** Task directions **
Every entry is to be copied exactly as written, and the pictures are to be skipped.

** Source records **
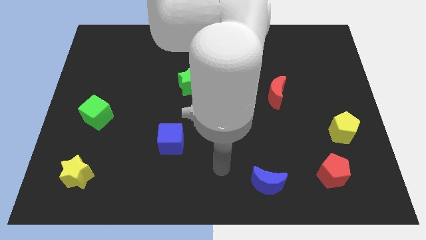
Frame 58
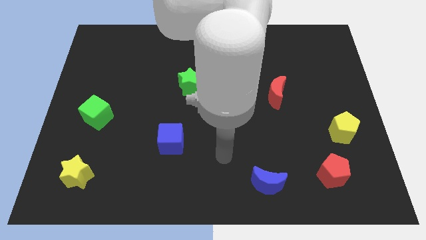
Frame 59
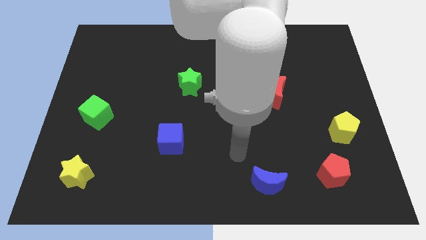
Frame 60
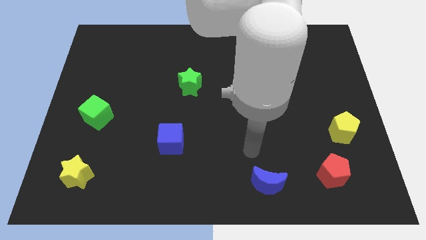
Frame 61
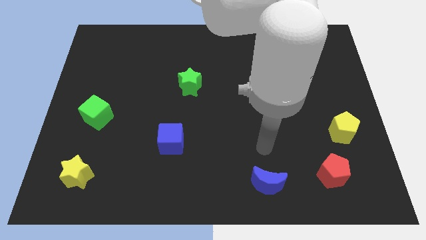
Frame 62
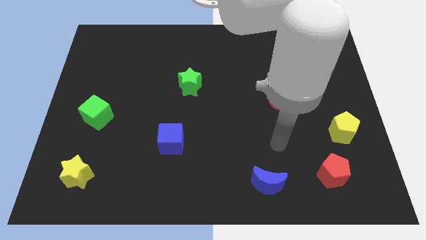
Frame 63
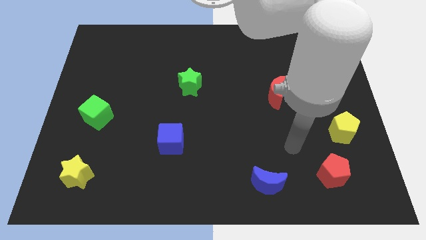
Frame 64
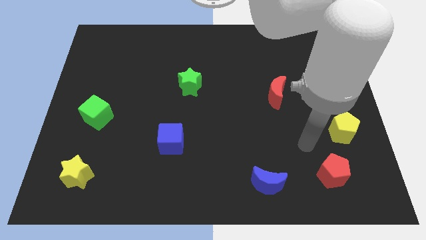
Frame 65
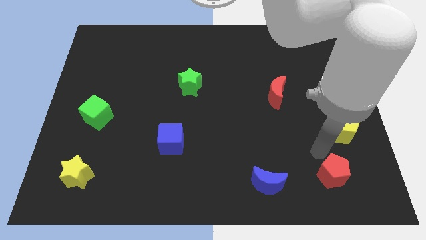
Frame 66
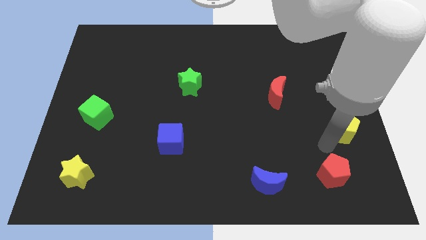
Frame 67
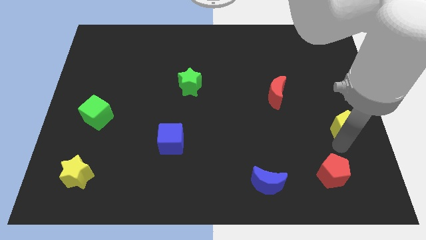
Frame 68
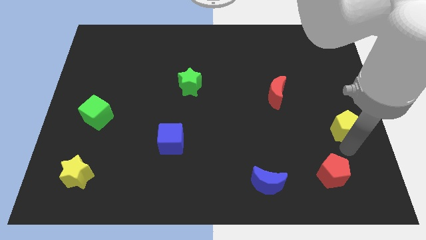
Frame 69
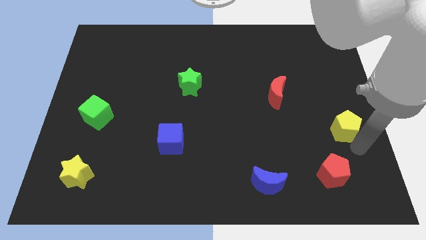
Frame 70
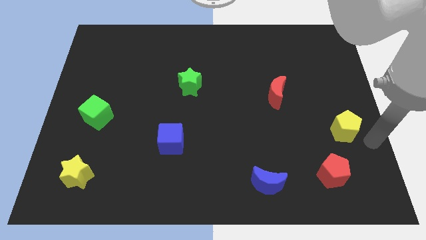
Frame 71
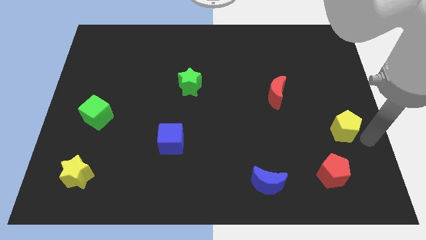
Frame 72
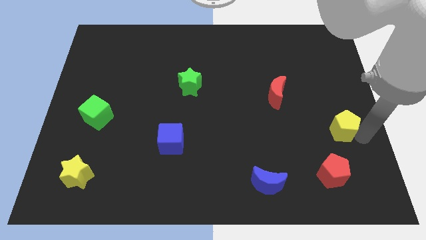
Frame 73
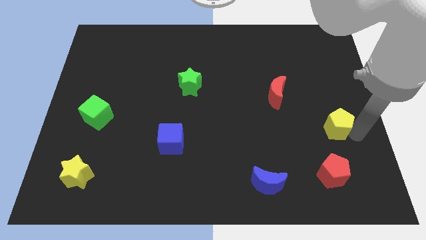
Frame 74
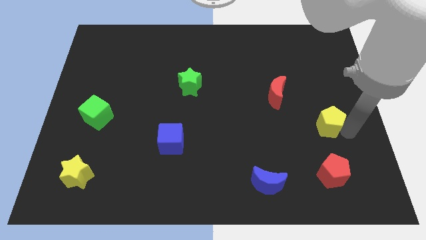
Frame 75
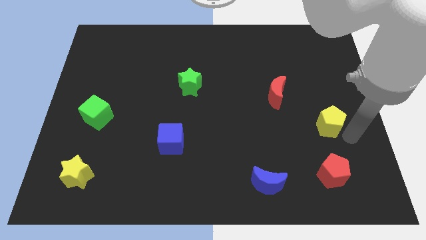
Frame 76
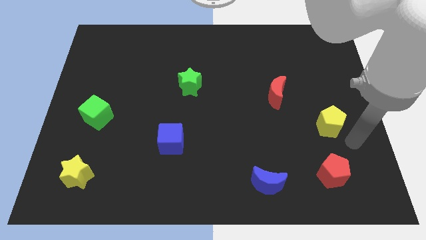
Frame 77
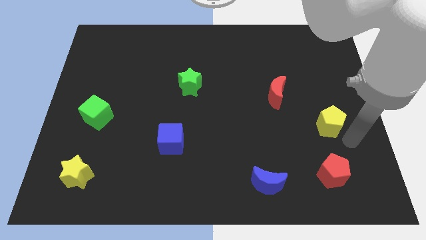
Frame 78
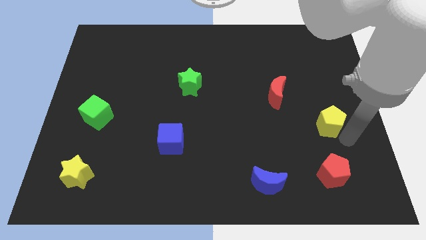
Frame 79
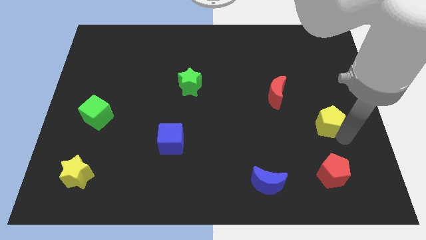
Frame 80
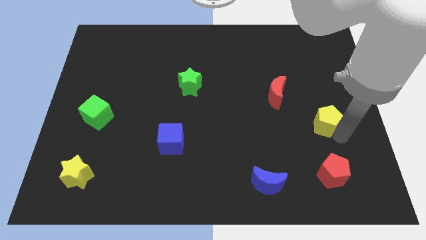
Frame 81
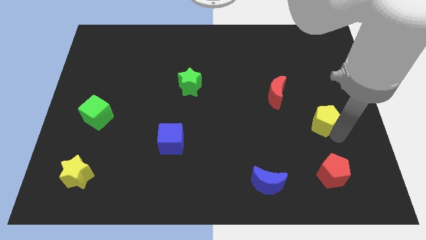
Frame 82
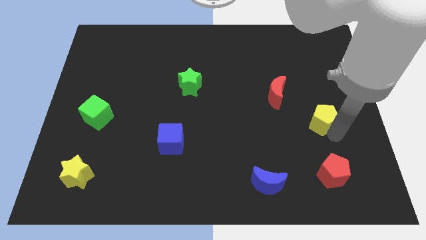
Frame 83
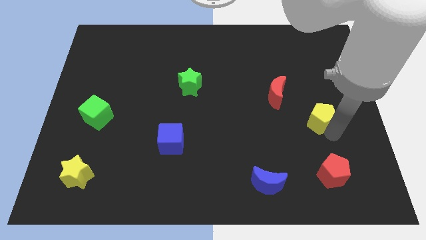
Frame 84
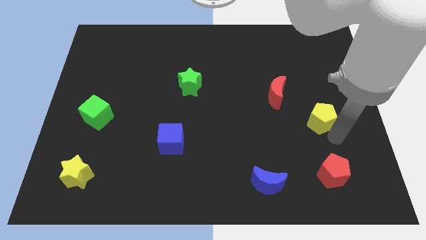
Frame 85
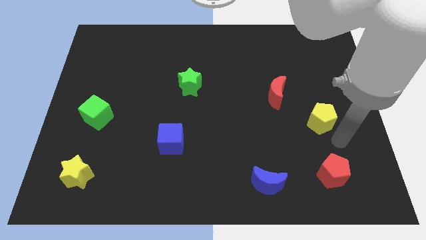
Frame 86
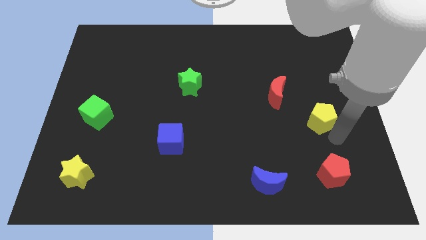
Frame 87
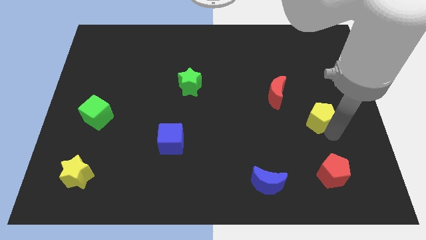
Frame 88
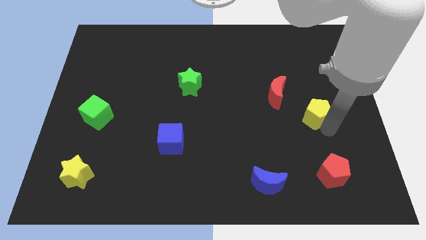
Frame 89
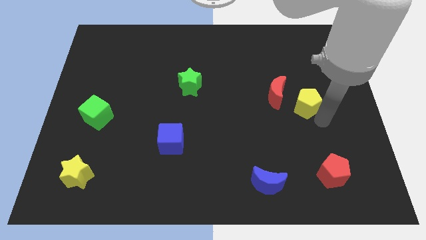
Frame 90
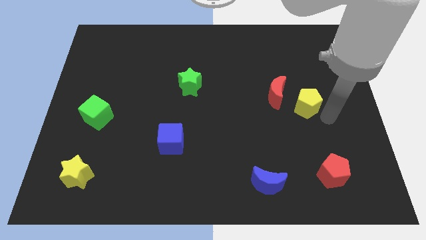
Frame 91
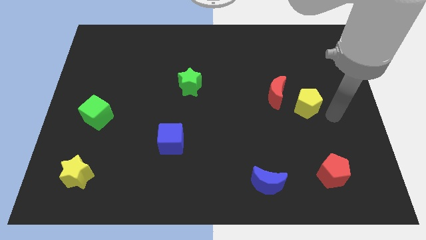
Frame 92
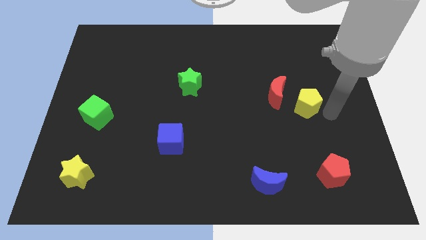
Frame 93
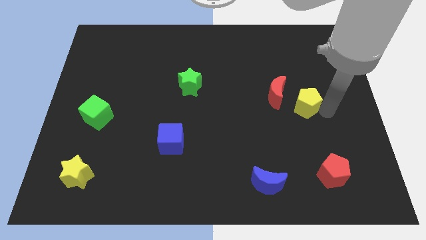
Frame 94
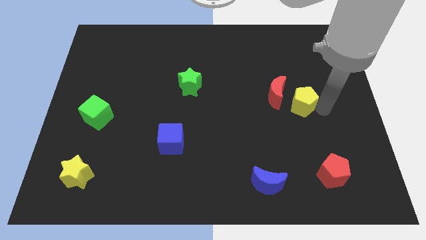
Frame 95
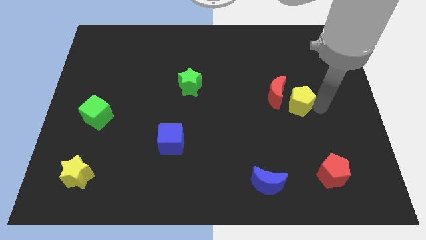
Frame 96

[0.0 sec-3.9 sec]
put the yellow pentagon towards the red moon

** Task solution **
Frame 58
Frame 59
Frame 60
Frame 61
Frame 62
Frame 63
Frame 64
Frame 65
Frame 66
Frame 67
Frame 68
Frame 69
Frame 70
Frame 71
Frame 72
Frame 73
Frame 74
Frame 75
Frame 76
Frame 77
Frame 78
Frame 79
Frame 80
Frame 81
Frame 82
Frame 83
Frame 84
Frame 85
Frame 86
Frame 87
Frame 88
Frame 89
Frame 90
Frame 91
Frame 92
Frame 93
Frame 94
Frame 95
Frame 96

[0.0 sec-3.9 sec]
put the yellow pentagon towards the red moon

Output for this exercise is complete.